▶ ASSIGNMENT: Transcribe the entries exactly. Omit the pictures.

╭──

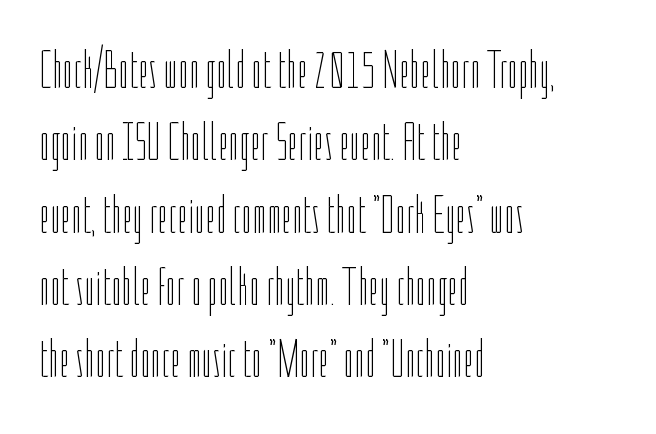
Q: Is the text bold? A: No.
Q: Is the text italic (slanted)? A: No, it is upright.
Q: Is the text underlined? A: No.
Q: How is the paragraph aligned? A: Left-aligned.
Q: Is the spacing between letters normal or unusually wide? A: Normal.
Q: Is the spacing between lines tight, normal or loose? A: Normal.
Q: Width (condensed, normal, or wide)? A: Condensed.
Q: Stroke contrast? A: Low.
Q: x-height? A: Medium.
Q: Monospaced? A: No.

╰──

▶ WRITTEN ANSWER:
Q: Is the text bold? A: No.
Q: Is the text italic (slanted)? A: No, it is upright.
Q: Is the text underlined? A: No.
Q: How is the paragraph aligned? A: Left-aligned.
Q: Is the spacing between letters normal or unusually wide? A: Normal.
Q: Is the spacing between lines tight, normal or loose? A: Normal.
Q: Width (condensed, normal, or wide)? A: Condensed.
Q: Stroke contrast? A: Low.
Q: x-height? A: Medium.
Q: Monospaced? A: No.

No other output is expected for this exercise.